I can see that fax sales CSV here now and it comes up with this query.
One additional step you have to do is instantiate that table.
It shows you that it’s pointing to the Data Lake storage account with a URL.
If I click on that little binary hyperlink, it actually loads the table and I’m just going to rename this guy Fax Sales, OK, And I’m going to go ahead and close and apply that Power Query transformation.
It loads it and now I have a new table here called Fax Sales with data inside it with all the different fields that were in that CSV.
OK, now I’m going to go back to my data explorer and I’m going to go in the Dimensions folder.
I see my files there and this way I’m going to go ahead and copy the URLDFS endpoint to the dimensions folder directly.
And the difference is it’s going to bring all those files in.
I’m going to show you how that works.
I’m going to connect and I’m going to put that URL in just before and I’m going to go in and I can see those files there.
Customer, date, product, I see those files there.
I’m going to say load and again I’m presented with the query.
The one little difference I’m going to say here is that I’m going to actually instantiate these actual separate queries or separate tables.
The way I do that is I right click on that, I say add as New query and I’m going to rename that to and load it.
I’m going to rename that to Dim Customer.
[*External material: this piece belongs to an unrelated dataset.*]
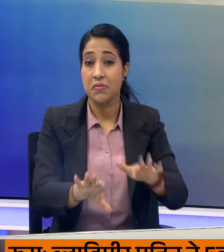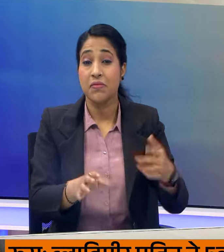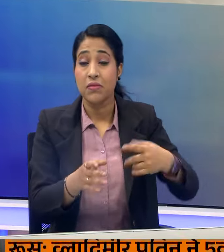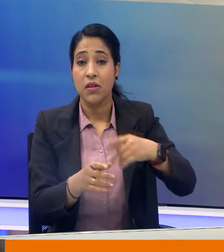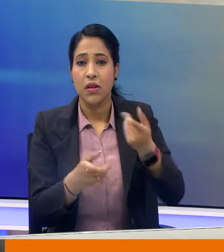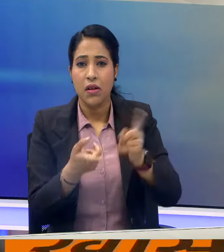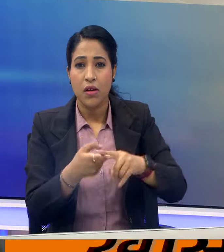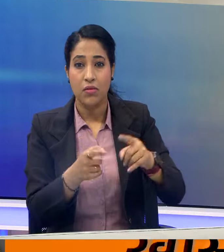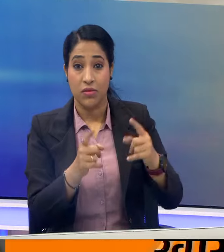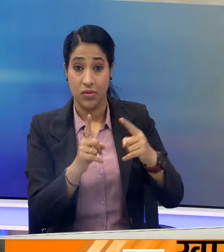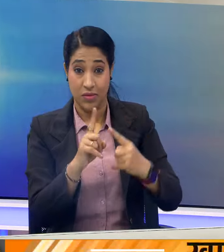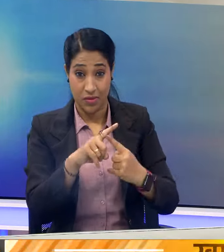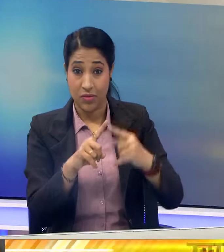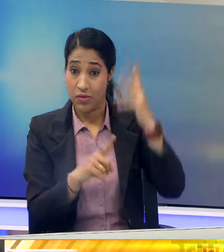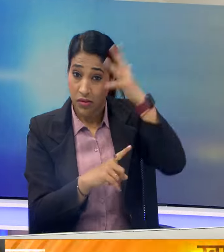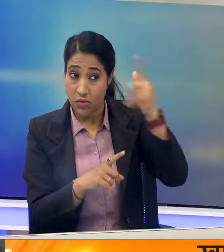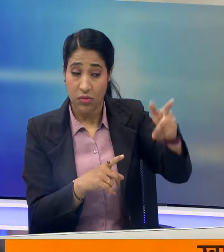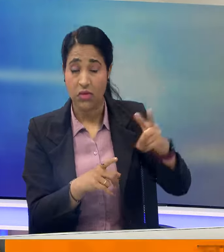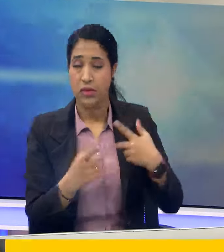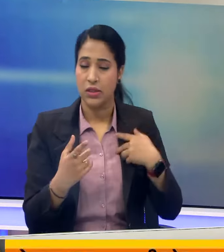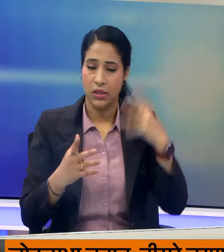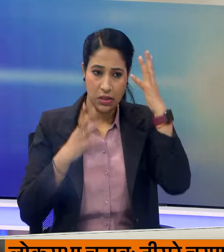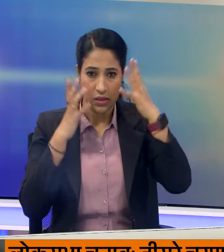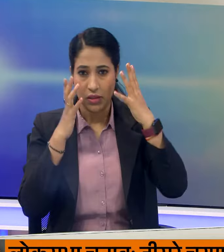ट्रम्प काफी परिशान नजर आए

OK, rename the Dim Customer.
I’m going to go back to that reference query one and then do the same thing for each one of the other dimensional tables, right.
I’m going to add new query that’s my date dimension.
Say for example, load that, there’s all my dates, OK.
And that’s one of the common things that probably is going to be out there is a date dimension.
How much more common across an organization can you get other than a date dimension, the product dimension?
OK, add as new query and reload that, rename that.
OK, call that Dim Product and I’m going to go ahead close and apply the Power Query editor.
I’m getting rid of that query one because I don’t need that anymore.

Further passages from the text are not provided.